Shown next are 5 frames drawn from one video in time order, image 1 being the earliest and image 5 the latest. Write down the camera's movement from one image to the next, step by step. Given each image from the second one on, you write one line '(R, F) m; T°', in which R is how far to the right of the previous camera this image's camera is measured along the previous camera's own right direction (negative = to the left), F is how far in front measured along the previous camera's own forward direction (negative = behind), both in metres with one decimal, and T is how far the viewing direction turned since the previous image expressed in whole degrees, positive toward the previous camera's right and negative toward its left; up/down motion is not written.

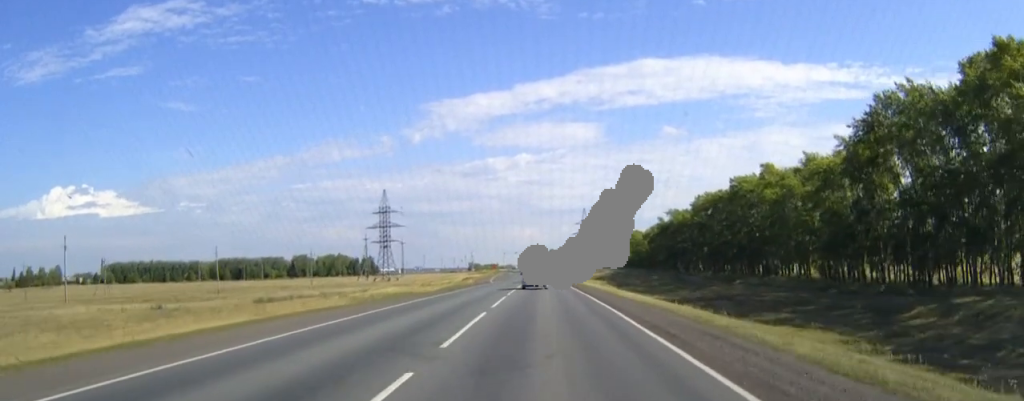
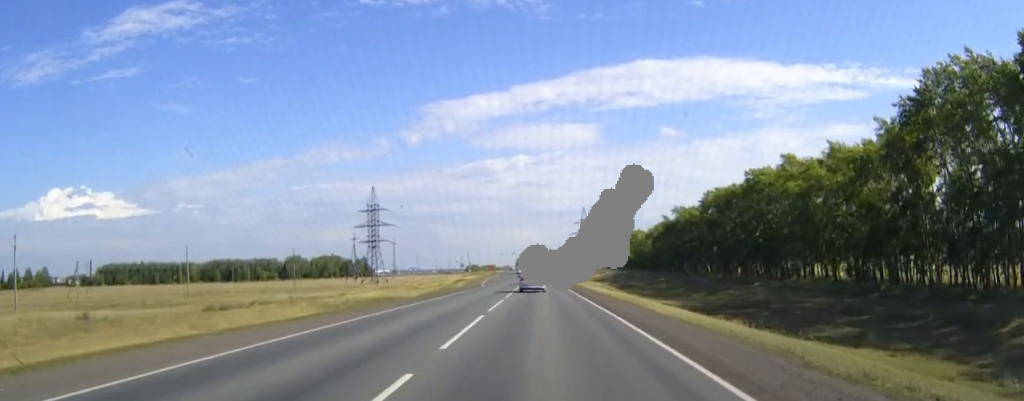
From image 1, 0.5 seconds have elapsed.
(0.0, +11.8) m; 0°
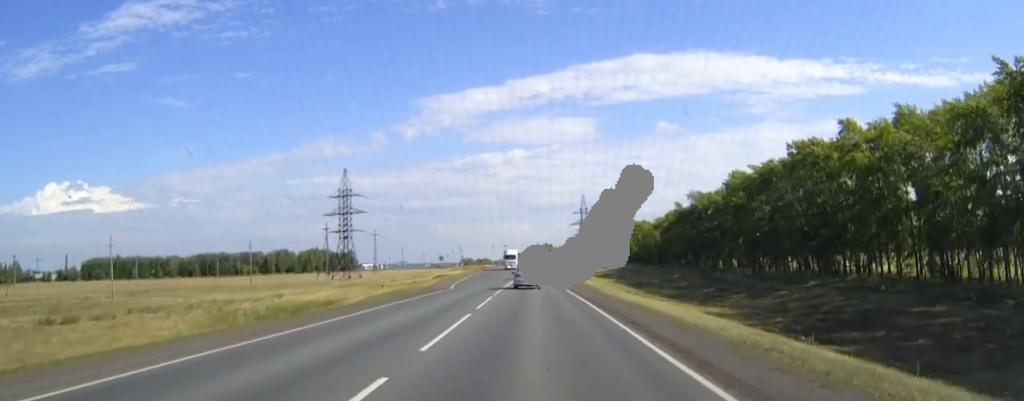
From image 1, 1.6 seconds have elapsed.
(+0.1, +24.5) m; 0°
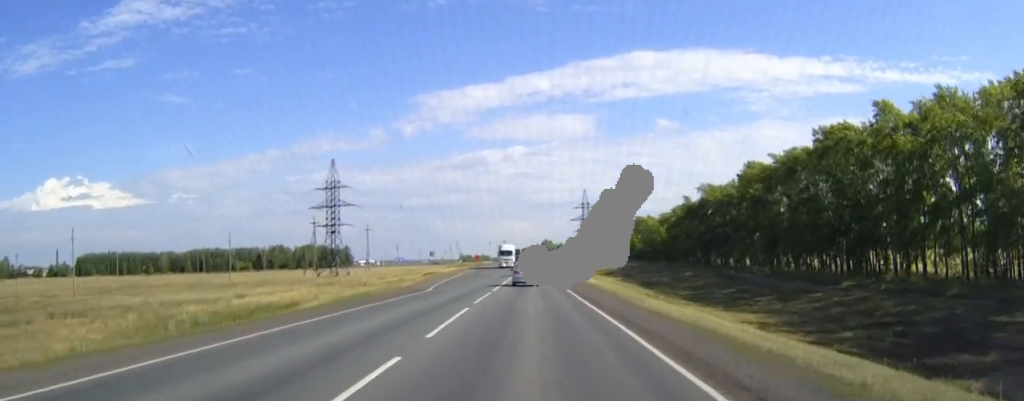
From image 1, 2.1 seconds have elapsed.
(0.0, +10.3) m; 0°
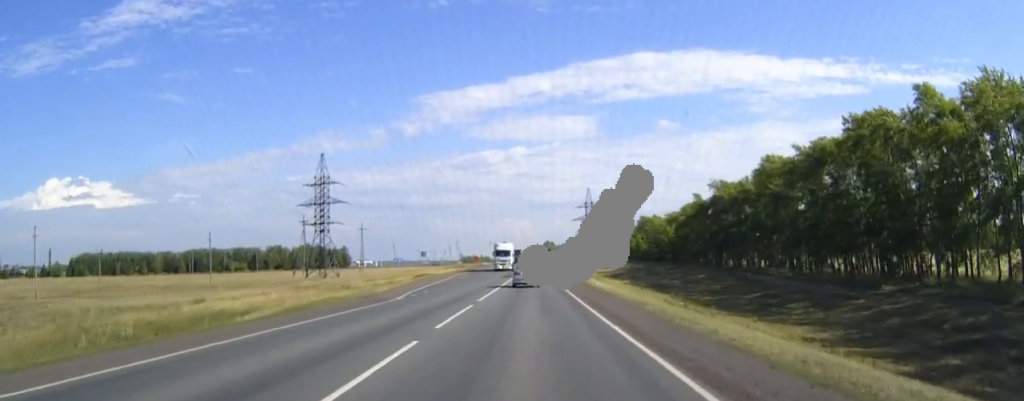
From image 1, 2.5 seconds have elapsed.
(0.0, +9.6) m; 0°

----------------------------------------

— TASK OBJECTIVE —
Images are to be omitted; everything else in the records is to be transcribed exactly.

— OUTPUT FOR THIS EXERCISE —
Shown next are 5 frames drawn from one video in time order, image 1 being the earliest and image 5 the latest. Write down the camera's movement from one image to the next, step by step. Given each image from the second one on, you write one line '(R, F) m; T°', in which R is how far to the right of the previous camera this image's camera is measured along the previous camera's own right direction (negative = to the left), F is how far in front measured along the previous camera's own forward direction (negative = behind), both in metres with one decimal, and T is how far the viewing direction turned since the previous image expressed in whole degrees, positive toward the previous camera's right and negative toward its left; up/down motion is not written.

From image 1, 0.5 seconds have elapsed.
(0.0, +11.8) m; 0°
From image 1, 1.6 seconds have elapsed.
(+0.1, +24.5) m; 0°
From image 1, 2.1 seconds have elapsed.
(0.0, +10.3) m; 0°
From image 1, 2.5 seconds have elapsed.
(0.0, +9.6) m; 0°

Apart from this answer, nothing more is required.